だが、宇髄が言う動揺はそういう理由ではないらしい。
「あのな、お前は子ども出来たらまずいか?
坊ちゃんは出来ねえはずの自分に子どもが出来たかもって言うことより、お前の子どもが出来たことのほうに動揺してる気がするんだが……」
「あ~そっちか…」
男である義勇に子どもが出来たことのほうが大変なことだとは思うのだが、まあ考えてみればそっちの問題もあったか…と、錆兎は今更ながらに思い出した。
二人にもうっすら話はした気はするが、一応もう一度繰り返す。
「俺、義勇と籍入れることになった時にお前ら2人には話したよな?
本来異性愛者だったはずの俺がなぜ義勇と籍入れることになったかというと…だ、うちの副社長が財閥の跡取り問題でもめないように、俺に子どもを作らせたくなくて、子どもが出来ない前提の見合い相手を大量に探してきて、その中で選んだのが義勇だったんだ」
「つまり、あの坊ちゃんを選んだ理由は子どもができねえからでできるんだったら選ばなかったってことか?

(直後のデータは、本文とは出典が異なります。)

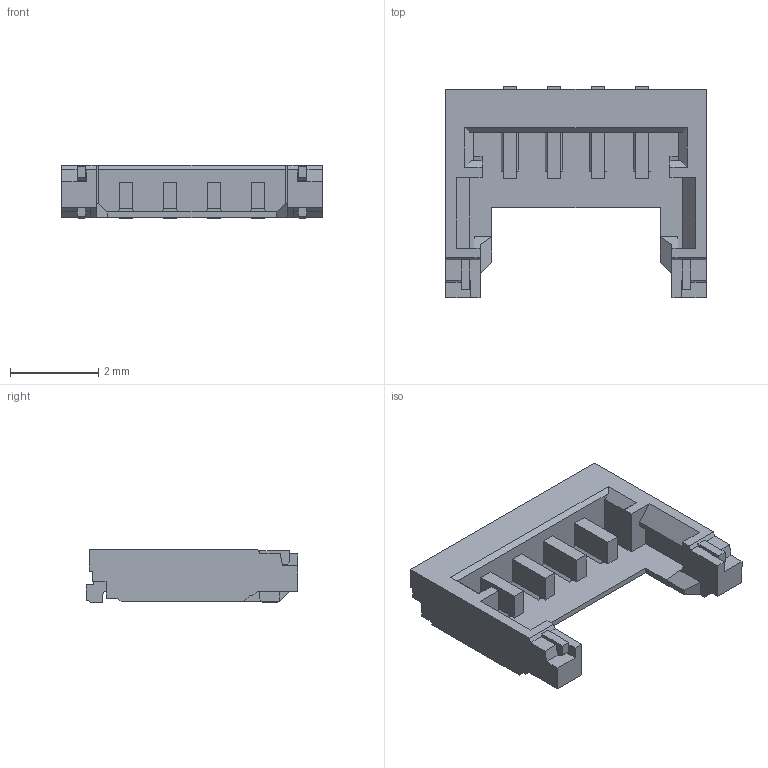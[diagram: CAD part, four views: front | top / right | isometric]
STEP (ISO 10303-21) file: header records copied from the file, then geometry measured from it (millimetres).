
FILE_DESCRIPTION(/* description */ (''),/* implementation_level */ '2;1');
FILE_NAME(/* name */ '2121340004wbm000_01_214.stp',/* time_stamp */ '2023-10-10T14:21:27+06:00',/* author */ (''),/* organization */ (''),/* preprocessor_version */ 'ST-DEVELOPER v16.7',/* originating_system */ 'SIEMENS PLM Software NX 1919',/* authorisation */ '');
FILE_SCHEMA (('AUTOMOTIVE_DESIGN { 1 0 10303 214 3 1 1 1 }'));
Length unit declared in the file: millimetre
Products named in the file (1): 2121340004wbm000_01
Bounding box: 5.9 x 4.79 x 1.2 mm (x, y, z)
Volume: 12.6 mm3; surface area: 82.8 mm2
Topology: 1 solids, 1 shells, 179 faces, 519 edges, 344 vertices
Faces by surface type: plane 175, cylinder 4
Entity records: 5797 total; most frequent: CARTESIAN_POINT 1043, ORIENTED_EDGE 1038, DIRECTION 887, EDGE_CURVE 519, LINE 511, VECTOR 511, VERTEX_POINT 344, AXIS2_PLACEMENT_3D 188

馬鹿副社長ははどうでもいいし、このさい跡取りうんぬんも置いて考えろ。
錆兎自身はデキたら困んのか?」
「…えっ………?…」
その発想はまったくなかった。
…が、考えてみればそれが一番重要な気がする。
「…本当に…お前、核心つくよな…」
幼い頃から財閥を背負うために育っている宇髄はいつも一番重要な事だけをピンポイントで拾い上げる男だ。
重要な案件ほど余計な枝葉は省いて考える。
宇髄のそんなところに感心していると、
「俺のことはいいから。
それよりどうなんだ?
馬鹿野郎がダメって言うならお前もダメなのか?」
と、言われて、錆兎はあらためて考えた。
「いや?全然。
ちょっと面倒なことにはなるとは思うが、子どもは好きだしな。
義勇と籍を入れた時には、下手をするとこれで自分の子どもは一生持てない可能性もあるかと少しだけ残念に思ったくらいだ。

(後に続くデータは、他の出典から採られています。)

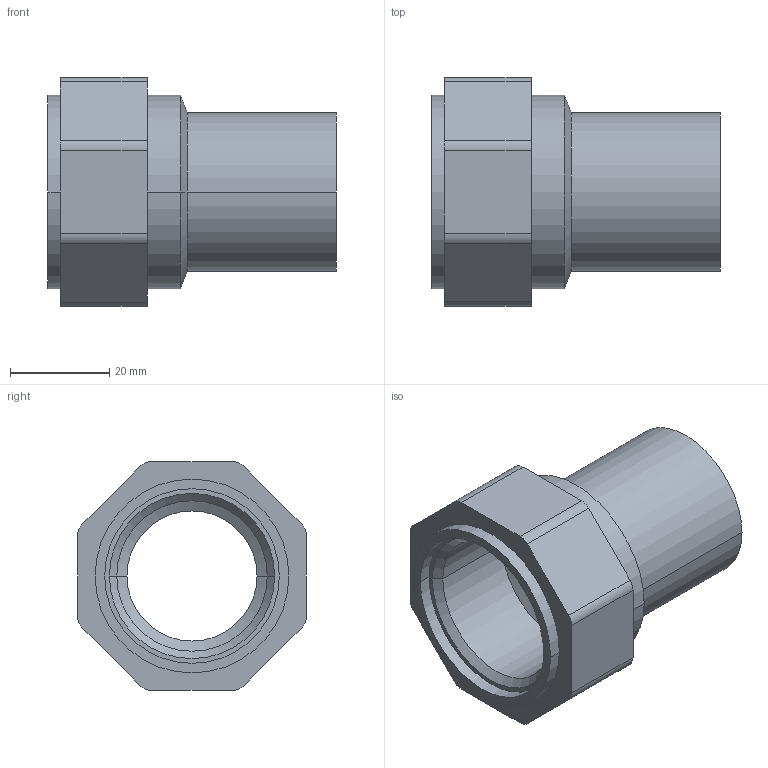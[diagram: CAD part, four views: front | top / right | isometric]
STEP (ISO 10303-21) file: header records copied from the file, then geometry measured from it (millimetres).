
FILE_DESCRIPTION( ( '' ), '1' );
FILE_NAME( 'AGRU_11032323211_PPR_grau_Adapter_Innengewinde_32X1___SDR11__ISO_S-5_10.stp', '2018-02-12T14:17:10', ( '' ), ( '' ), ' ', ' ', ' ' );
FILE_SCHEMA( ( 'automotive_design' ) );
Length unit declared in the file: millimetre
Products named in the file (1): 1
Bounding box: 58 x 46 x 46 mm (x, y, z)
Volume: 31164.3 mm3; surface area: 14172.5 mm2
Topology: 1 solids, 1 shells, 39 faces, 92 edges, 58 vertices
Faces by surface type: cylinder 20, plane 13, cone 6
Entity records: 2218 total; most frequent: DIRECTION 214, STYLED_ITEM 190, PRESENTATION_STYLE_ASSIGNMENT 190, CARTESIAN_POINT 190, COLOUR_RGB 190, ORIENTED_EDGE 184, EDGE_CURVE 92, CURVE_STYLE 92

でも義勇が俺の弟で子どもみたいなものだからまあいいかって思い直したんだけどな。
両方手に入るのなら、それにこしたことはないだろう?」
親友たち相手に嘘をついても仕方ない。
思っていたそのままを伝えると、宇髄は
「それだったらそう言ってやれ。
パニック起こしすぎて気を失っちまったから」
と、ちらりと義勇の方に視線をむけた。
ああ、なるほど、納得だ。
身体的にという意味ではなく、メンタルの問題か…。
本当に検査薬が正しいのかということはおいておいて、どちらにしても条件によって義勇を突き放したりすることはないということを、きちんと伝えておいてやらないと、戻る場所のない義勇をひどく追い詰めることになる。

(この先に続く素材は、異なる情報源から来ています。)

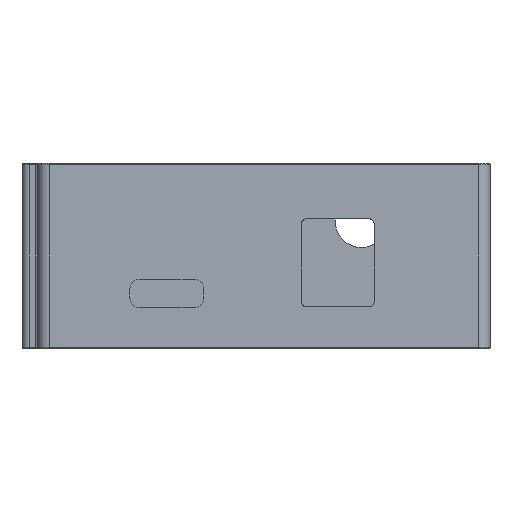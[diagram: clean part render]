
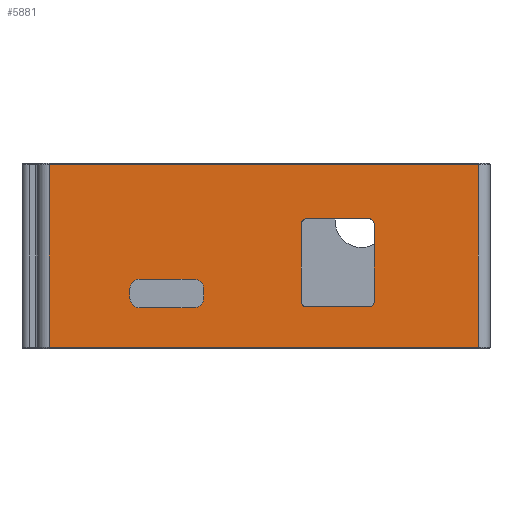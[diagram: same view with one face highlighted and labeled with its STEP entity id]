
A CAD part, left-side view. The second image highlights one B-rep face of the part: STEP entity #5881.
In plain terms, the highlighted planar face has unit normal (-1, 0, 0).
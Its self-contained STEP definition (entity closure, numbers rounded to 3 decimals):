
#1967=CARTESIAN_POINT('',(-1.687,22.075,2.));
#1968=DIRECTION('',(-1.,0.,0.));
#1969=DIRECTION('',(0.,1.,0.));
#1970=AXIS2_PLACEMENT_3D('',#1967,#1968,#1969);
#1975=DIRECTION('',(0.,-1.,0.));
#1976=VECTOR('',#1975,8.2);
#1977=CARTESIAN_POINT('',(-1.687,22.075,1.4));
#1978=LINE('',#1977,#1976);
#1982=CARTESIAN_POINT('',(-1.687,13.875,2.));
#1983=DIRECTION('',(-1.,0.,0.));
#1984=DIRECTION('',(0.,0.,-1.));
#1985=AXIS2_PLACEMENT_3D('',#1982,#1983,#1984);
#1990=DIRECTION('',(0.,0.,1.));
#1991=VECTOR('',#1990,10.2);
#1992=CARTESIAN_POINT('',(-1.687,13.275,2.));
#1993=LINE('',#1992,#1991);
#1997=CARTESIAN_POINT('',(-1.687,13.875,12.2));
#1998=DIRECTION('',(-1.,0.,0.));
#1999=DIRECTION('',(0.,-1.,0.));
#2000=AXIS2_PLACEMENT_3D('',#1997,#1998,#1999);
#2005=DIRECTION('',(0.,1.,0.));
#2006=VECTOR('',#2005,8.2);
#2007=CARTESIAN_POINT('',(-1.687,13.875,12.8));
#2008=LINE('',#2007,#2006);
#2012=CARTESIAN_POINT('',(-1.687,22.075,12.2));
#2013=DIRECTION('',(-1.,0.,0.));
#2014=DIRECTION('',(0.,0.,1.));
#2015=AXIS2_PLACEMENT_3D('',#2012,#2013,#2014);
#2020=DIRECTION('',(0.,0.,-1.));
#2021=VECTOR('',#2020,10.2);
#2022=CARTESIAN_POINT('',(-1.687,22.675,12.2));
#2023=LINE('',#2022,#2021);
#2027=CARTESIAN_POINT('',(-1.687,43.66,2.543));
#2028=DIRECTION('',(-1.,0.,0.));
#2029=DIRECTION('',(0.,1.,0.));
#2030=AXIS2_PLACEMENT_3D('',#2027,#2028,#2029);
#2035=DIRECTION('',(0.,-1.,0.));
#2036=VECTOR('',#2035,7.098);
#2037=CARTESIAN_POINT('',(-1.687,43.66,1.321));
#2038=LINE('',#2037,#2036);
#2042=CARTESIAN_POINT('',(-1.687,36.562,2.543));
#2043=DIRECTION('',(-1.,0.,0.));
#2044=DIRECTION('',(0.,0.,-1.));
#2045=AXIS2_PLACEMENT_3D('',#2042,#2043,#2044);
#2050=DIRECTION('',(0.,0.,1.));
#2051=VECTOR('',#2050,1.227);
#2052=CARTESIAN_POINT('',(-1.687,35.339,2.543));
#2053=LINE('',#2052,#2051);
#2057=CARTESIAN_POINT('',(-1.687,36.562,3.771));
#2058=DIRECTION('',(-1.,0.,0.));
#2059=DIRECTION('',(0.,-1.,0.));
#2060=AXIS2_PLACEMENT_3D('',#2057,#2058,#2059);
#2065=DIRECTION('',(0.,1.,0.));
#2066=VECTOR('',#2065,7.098);
#2067=CARTESIAN_POINT('',(-1.687,36.562,4.994));
#2068=LINE('',#2067,#2066);
#2072=CARTESIAN_POINT('',(-1.687,43.66,3.771));
#2073=DIRECTION('',(-1.,0.,0.));
#2074=DIRECTION('',(0.,0.,1.));
#2075=AXIS2_PLACEMENT_3D('',#2072,#2073,#2074);
#2080=DIRECTION('',(0.,0.,-1.));
#2081=VECTOR('',#2080,1.227);
#2082=CARTESIAN_POINT('',(-1.687,44.883,3.771));
#2083=LINE('',#2082,#2081);
#2087=DIRECTION('',(0.,1.,0.));
#2088=VECTOR('',#2087,55.596);
#2089=CARTESIAN_POINT('',(-1.687,-0.24,-3.8));
#2090=LINE('',#2089,#2088);
#2094=DIRECTION('',(0.,0.,1.));
#2095=VECTOR('',#2094,23.6);
#2096=CARTESIAN_POINT('',(-1.687,55.356,-3.8));
#2097=LINE('',#2096,#2095);
#2101=DIRECTION('',(0.,-1.,0.));
#2102=VECTOR('',#2101,55.596);
#2103=CARTESIAN_POINT('',(-1.687,55.356,19.8));
#2104=LINE('',#2103,#2102);
#2108=DIRECTION('',(0.,0.,1.));
#2109=VECTOR('',#2108,23.6);
#2110=CARTESIAN_POINT('',(-1.687,-0.24,-3.8));
#2111=LINE('',#2110,#2109);
#3991=CARTESIAN_POINT('',(-1.687,22.675,2.));
#3992=CARTESIAN_POINT('',(-1.687,22.075,1.4));
#3993=VERTEX_POINT('',#3991);
#3994=VERTEX_POINT('',#3992);
#3995=CARTESIAN_POINT('',(-1.687,13.875,1.4));
#3996=VERTEX_POINT('',#3995);
#3997=CARTESIAN_POINT('',(-1.687,13.275,2.));
#3998=VERTEX_POINT('',#3997);
#3999=CARTESIAN_POINT('',(-1.687,13.275,12.2));
#4000=VERTEX_POINT('',#3999);
#4001=CARTESIAN_POINT('',(-1.687,13.875,12.8));
#4002=VERTEX_POINT('',#4001);
#4003=CARTESIAN_POINT('',(-1.687,22.075,12.8));
#4004=VERTEX_POINT('',#4003);
#4005=CARTESIAN_POINT('',(-1.687,22.675,12.2));
#4006=VERTEX_POINT('',#4005);
#4007=CARTESIAN_POINT('',(-1.687,44.883,2.543));
#4008=CARTESIAN_POINT('',(-1.687,43.66,1.321));
#4009=VERTEX_POINT('',#4007);
#4010=VERTEX_POINT('',#4008);
#4011=CARTESIAN_POINT('',(-1.687,36.562,1.321));
#4012=VERTEX_POINT('',#4011);
#4013=CARTESIAN_POINT('',(-1.687,35.339,2.543));
#4014=VERTEX_POINT('',#4013);
#4015=CARTESIAN_POINT('',(-1.687,35.339,3.771));
#4016=VERTEX_POINT('',#4015);
#4017=CARTESIAN_POINT('',(-1.687,36.562,4.994));
#4018=VERTEX_POINT('',#4017);
#4019=CARTESIAN_POINT('',(-1.687,43.66,4.994));
#4020=VERTEX_POINT('',#4019);
#4021=CARTESIAN_POINT('',(-1.687,44.883,3.771));
#4022=VERTEX_POINT('',#4021);
#4179=CARTESIAN_POINT('',(-1.687,-0.24,-3.8));
#4180=CARTESIAN_POINT('',(-1.687,55.356,-3.8));
#4181=VERTEX_POINT('',#4179);
#4182=VERTEX_POINT('',#4180);
#4211=CARTESIAN_POINT('',(-1.687,55.356,19.8));
#4212=CARTESIAN_POINT('',(-1.687,-0.24,19.8));
#4213=VERTEX_POINT('',#4211);
#4214=VERTEX_POINT('',#4212);
#5832=CARTESIAN_POINT('',(-1.687,0.944,20.));
#5833=DIRECTION('',(-1.,0.,0.));
#5834=DIRECTION('',(0.,1.,0.));
#5835=AXIS2_PLACEMENT_3D('',#5832,#5833,#5834);
#5836=PLANE('',#5835);
#5837=ORIENTED_EDGE('',*,*,#5443,.T.);
#5839=ORIENTED_EDGE('',*,*,#5838,.T.);
#5841=ORIENTED_EDGE('',*,*,#5840,.T.);
#5842=ORIENTED_EDGE('',*,*,#5812,.F.);
#5843=EDGE_LOOP('',(#5837,#5839,#5841,#5842));
#5844=FACE_OUTER_BOUND('',#5843,.F.);
#5846=ORIENTED_EDGE('',*,*,#5845,.T.);
#5848=ORIENTED_EDGE('',*,*,#5847,.T.);
#5850=ORIENTED_EDGE('',*,*,#5849,.T.);
#5852=ORIENTED_EDGE('',*,*,#5851,.T.);
#5854=ORIENTED_EDGE('',*,*,#5853,.T.);
#5856=ORIENTED_EDGE('',*,*,#5855,.T.);
#5858=ORIENTED_EDGE('',*,*,#5857,.T.);
#5860=ORIENTED_EDGE('',*,*,#5859,.T.);
#5861=EDGE_LOOP('',(#5846,#5848,#5850,#5852,#5854,#5856,#5858,#5860));
#5862=FACE_BOUND('',#5861,.F.);
#5864=ORIENTED_EDGE('',*,*,#5863,.T.);
#5866=ORIENTED_EDGE('',*,*,#5865,.T.);
#5868=ORIENTED_EDGE('',*,*,#5867,.T.);
#5870=ORIENTED_EDGE('',*,*,#5869,.T.);
#5872=ORIENTED_EDGE('',*,*,#5871,.T.);
#5874=ORIENTED_EDGE('',*,*,#5873,.T.);
#5876=ORIENTED_EDGE('',*,*,#5875,.T.);
#5878=ORIENTED_EDGE('',*,*,#5877,.T.);
#5879=EDGE_LOOP('',(#5864,#5866,#5868,#5870,#5872,#5874,#5876,#5878));
#5880=FACE_BOUND('',#5879,.F.);
#1971=CIRCLE('',#1970,0.6);
#1986=CIRCLE('',#1985,0.6);
#2001=CIRCLE('',#2000,0.6);
#2016=CIRCLE('',#2015,0.6);
#2031=CIRCLE('',#2030,1.223);
#2046=CIRCLE('',#2045,1.223);
#2061=CIRCLE('',#2060,1.223);
#2076=CIRCLE('',#2075,1.223);
#5443=EDGE_CURVE('',#4181,#4182,#2090,.T.);
#5812=EDGE_CURVE('',#4181,#4214,#2111,.T.);
#5838=EDGE_CURVE('',#4182,#4213,#2097,.T.);
#5840=EDGE_CURVE('',#4213,#4214,#2104,.T.);
#5845=EDGE_CURVE('',#4009,#4010,#2031,.T.);
#5847=EDGE_CURVE('',#4010,#4012,#2038,.T.);
#5849=EDGE_CURVE('',#4012,#4014,#2046,.T.);
#5851=EDGE_CURVE('',#4014,#4016,#2053,.T.);
#5853=EDGE_CURVE('',#4016,#4018,#2061,.T.);
#5855=EDGE_CURVE('',#4018,#4020,#2068,.T.);
#5857=EDGE_CURVE('',#4020,#4022,#2076,.T.);
#5859=EDGE_CURVE('',#4022,#4009,#2083,.T.);
#5863=EDGE_CURVE('',#3993,#3994,#1971,.T.);
#5865=EDGE_CURVE('',#3994,#3996,#1978,.T.);
#5867=EDGE_CURVE('',#3996,#3998,#1986,.T.);
#5869=EDGE_CURVE('',#3998,#4000,#1993,.T.);
#5871=EDGE_CURVE('',#4000,#4002,#2001,.T.);
#5873=EDGE_CURVE('',#4002,#4004,#2008,.T.);
#5875=EDGE_CURVE('',#4004,#4006,#2016,.T.);
#5877=EDGE_CURVE('',#4006,#3993,#2023,.T.);
#5881=ADVANCED_FACE('',(#5844,#5862,#5880),#5836,.T.);

その上で、まず、本当に信じられないことだが、義勇に子どもができているかどうかを確認しなければならない。
本来ならありえないことなので、確認する場所も考えないと大騒ぎになって義勇を傷つけるだろうから、そのピックアップも慎重にするべきだろう。
そして…もしそれが間違いではなかったとしたら、さらに大変だ。
どうやって生むのか…。
普通に産めるのか、帝王切開になるのか…
その時の医者は?
最悪、普通に産めるのなら錆兎がこれから勉強をして自宅でということもできなくはないが、帝王切開になるなら医者と場所が必要だ。
さあ…どこから始めればいい。
錆兎が必死に考え込んでいると、やがて義勇が目を覚ました。